PROBLEM REQUIREMENTS |
Copy out the data exactly, leaving the pictures behind.

***

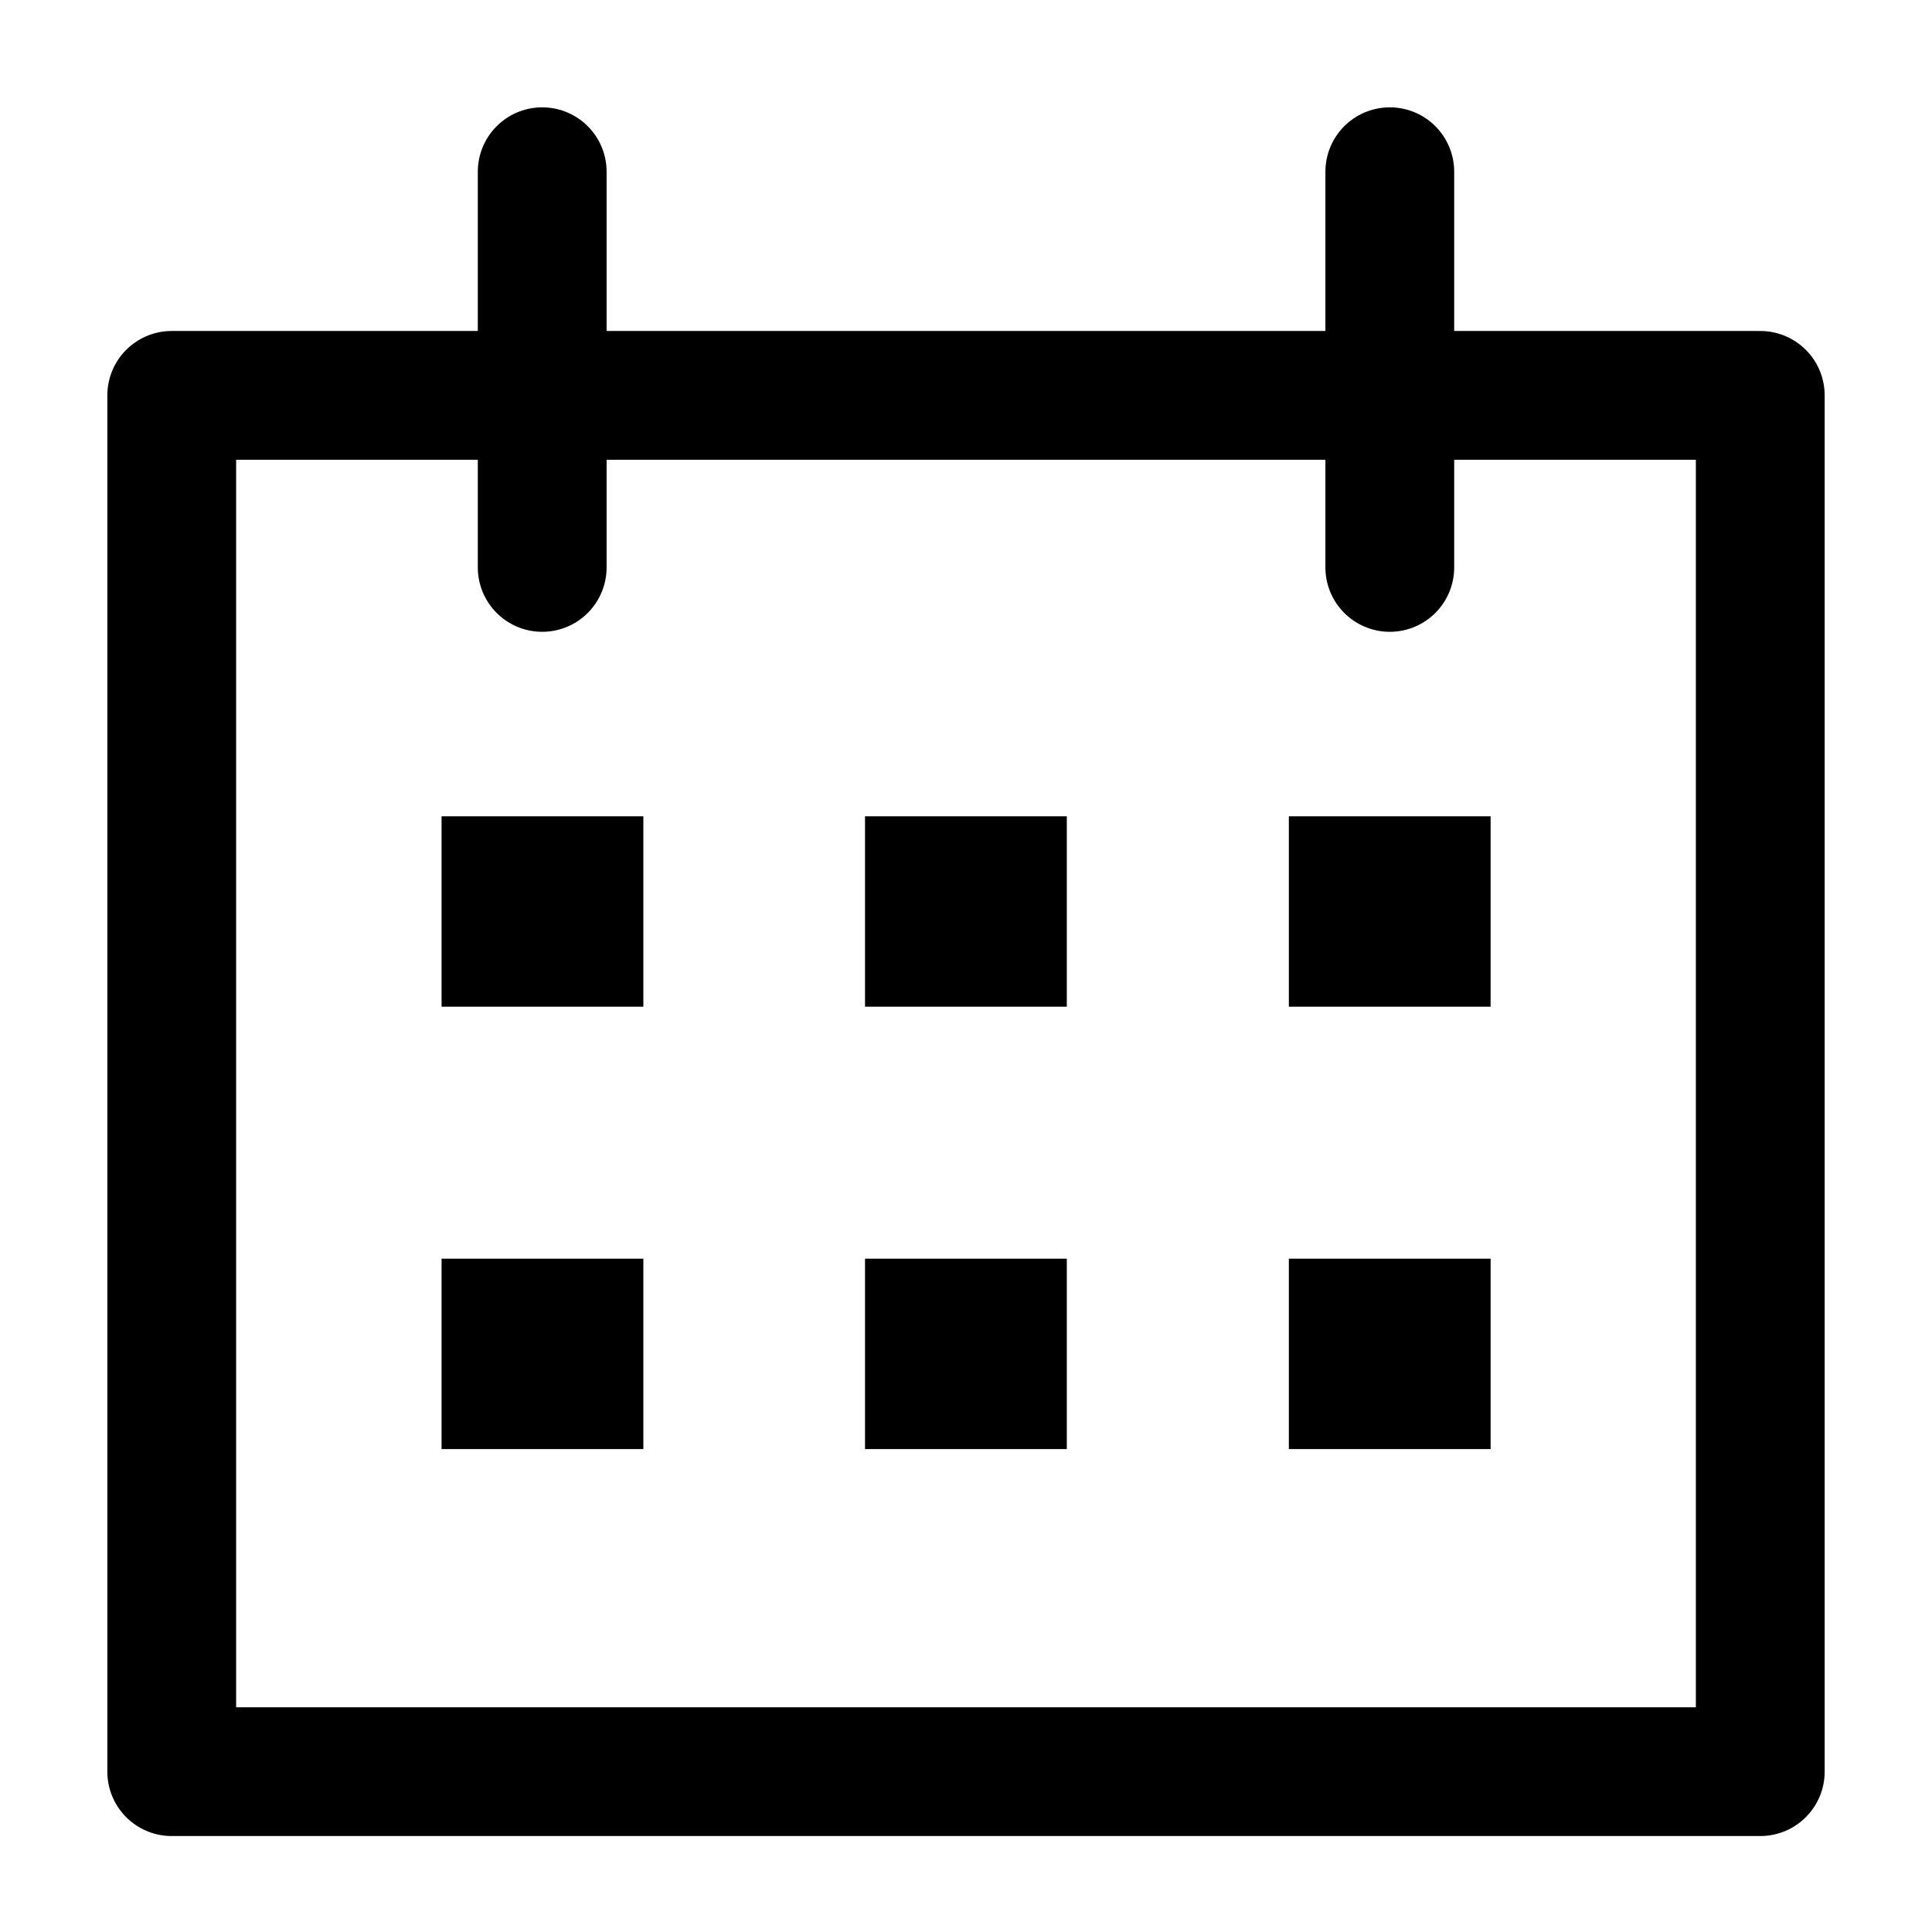 <svg width="45" height="45" viewBox="0 0 45 45" fill="none" xmlns="http://www.w3.org/2000/svg">
<path d="M41 9.209H4V41.265H41V9.209Z" stroke="black" stroke-width="3" stroke-linecap="round" stroke-linejoin="round"/>
<path d="M12.629 4V13.216" stroke="black" stroke-width="3" stroke-linecap="round" stroke-linejoin="round"/>
<path d="M32.371 4V13.216" stroke="black" stroke-width="3" stroke-linecap="round" stroke-linejoin="round"/>
<path d="M14.485 19.513H10.785V22.948H14.485V19.513Z" fill="black" stroke="black" stroke-miterlimit="10"/>
<path d="M14.485 29.817H10.785V33.252H14.485V29.817Z" fill="black" stroke="black" stroke-miterlimit="10"/>
<path d="M24.348 19.513H20.648V22.948H24.348V19.513Z" fill="black" stroke="black" stroke-miterlimit="10"/>
<path d="M24.348 29.817H20.648V33.252H24.348V29.817Z" fill="black" stroke="black" stroke-miterlimit="10"/>
<path d="M34.219 19.513H30.52V22.948H34.219V19.513Z" fill="black" stroke="black" stroke-miterlimit="10"/>
<path d="M34.219 29.817H30.52V33.252H34.219V29.817Z" fill="black" stroke="black" stroke-miterlimit="10"/>
</svg>

***

RESULT OF THIS TASK |
 <svg width="45" height="45" viewBox="0 0 45 45" fill="none" xmlns="http://www.w3.org/2000/svg">
<path d="M41 9.209H4V41.265H41V9.209Z" stroke="black" stroke-width="3" stroke-linecap="round" stroke-linejoin="round"/>
<path d="M12.629 4V13.216" stroke="black" stroke-width="3" stroke-linecap="round" stroke-linejoin="round"/>
<path d="M32.371 4V13.216" stroke="black" stroke-width="3" stroke-linecap="round" stroke-linejoin="round"/>
<path d="M14.485 19.513H10.785V22.948H14.485V19.513Z" fill="black" stroke="black" stroke-miterlimit="10"/>
<path d="M14.485 29.817H10.785V33.252H14.485V29.817Z" fill="black" stroke="black" stroke-miterlimit="10"/>
<path d="M24.348 19.513H20.648V22.948H24.348V19.513Z" fill="black" stroke="black" stroke-miterlimit="10"/>
<path d="M24.348 29.817H20.648V33.252H24.348V29.817Z" fill="black" stroke="black" stroke-miterlimit="10"/>
<path d="M34.219 19.513H30.52V22.948H34.219V19.513Z" fill="black" stroke="black" stroke-miterlimit="10"/>
<path d="M34.219 29.817H30.52V33.252H34.219V29.817Z" fill="black" stroke="black" stroke-miterlimit="10"/>
</svg>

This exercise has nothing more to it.